Machine Learning Guided Design of Single–Phase Hybrid Lead Halide White Phosphors

Designing new single‐phase white phosphors for solid‐state lighting is a challenging trial–error process as it requires to navigate in a multidimensional space (composition of the host matrix/dopants, experimental conditions, etc.). Thus, no single‐phase white phosphor has ever been reported to exhibit both a high color rendering index (CRI ‐ degree to which objects appear natural under the white illumination) and a tunable correlated color temperature (CCT). In this article, a novel strategy consisting in iterating syntheses, characterizations, and machine learning (ML) models to design such white phosphors is demonstrated.
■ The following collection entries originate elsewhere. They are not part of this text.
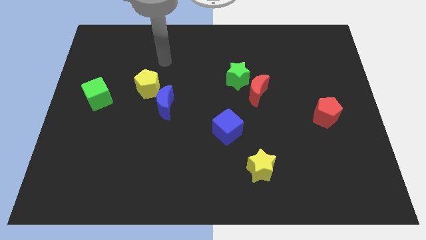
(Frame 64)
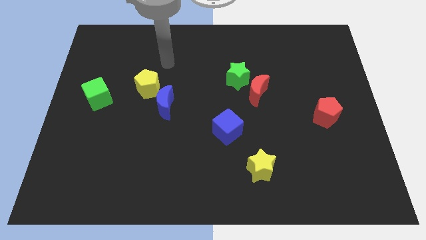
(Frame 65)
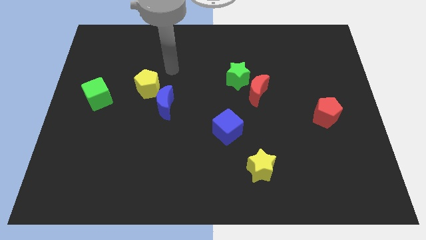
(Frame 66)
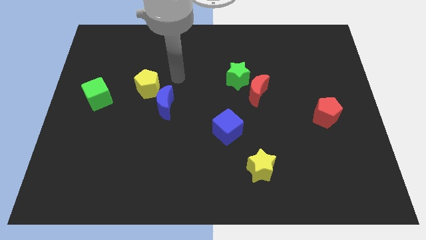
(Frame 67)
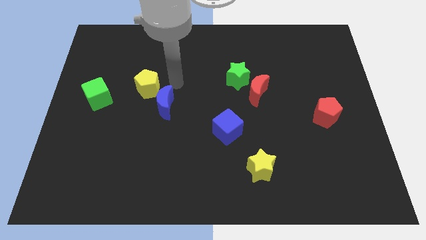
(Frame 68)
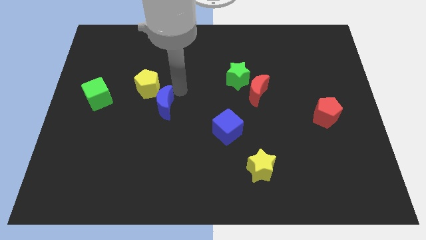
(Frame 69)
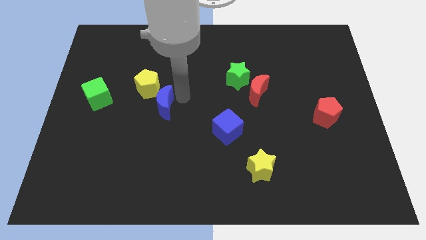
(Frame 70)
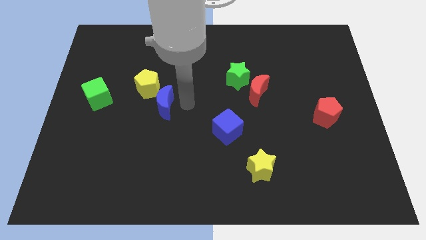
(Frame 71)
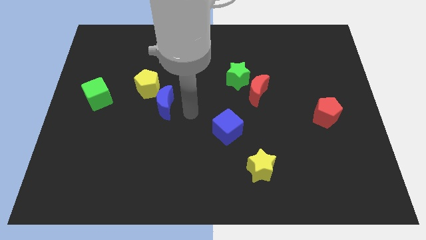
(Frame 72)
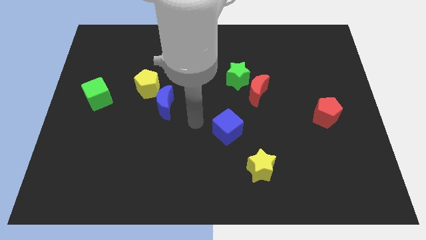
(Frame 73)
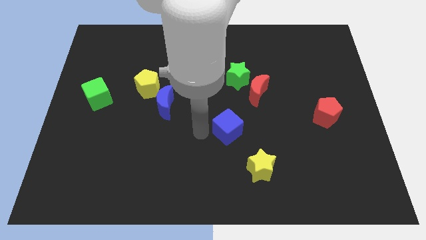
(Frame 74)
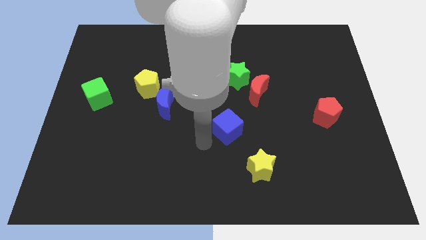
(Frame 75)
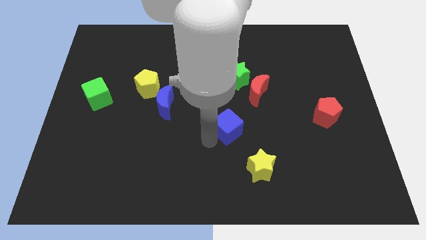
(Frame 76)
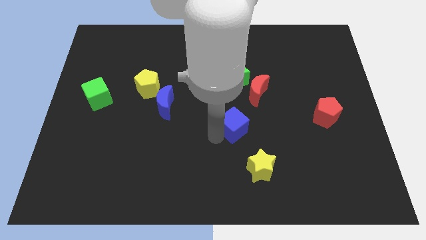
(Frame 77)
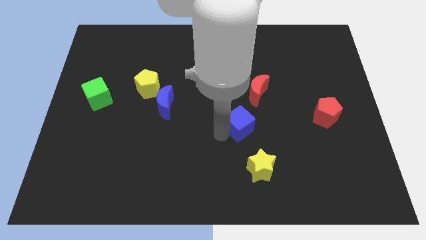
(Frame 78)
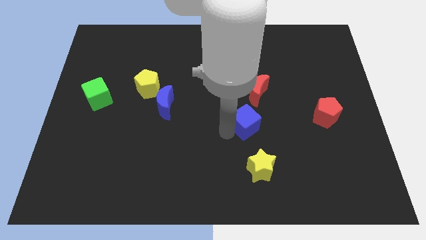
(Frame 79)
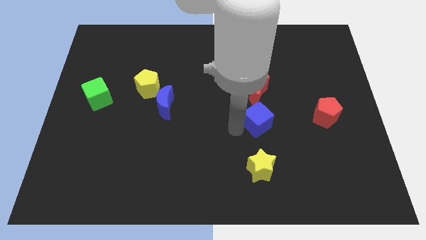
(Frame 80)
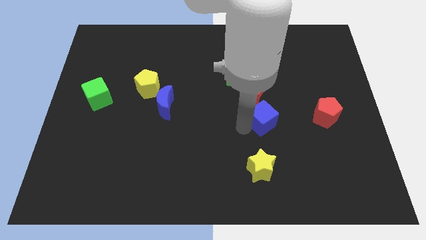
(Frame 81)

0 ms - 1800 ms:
move the blue cube a little upwards and right diagonally

With the guidance of ML models, a series of luminescent hybrid lead halides with ultra‐high color rendering (above 92) mimicking the light of the sunrise/sunset (CCT = 3200 K), morning/afternoon (CCT = 4200 K), midday (CCT = 5500 K), full sun (CCT = 6500K), as well as an overcast sky (CCT = 7000 K) are precisely designed. Through the guidance of machine learning tools, the host composition and dopants concentration of hybrid lead halides can be finely controlled to design a series of single‐phase white phosphors with ultra‐high color rendering (above 92) mimicking the light of the sunrise/sunset, morning/afternoon, midday, full sun, as well as an overcast sky.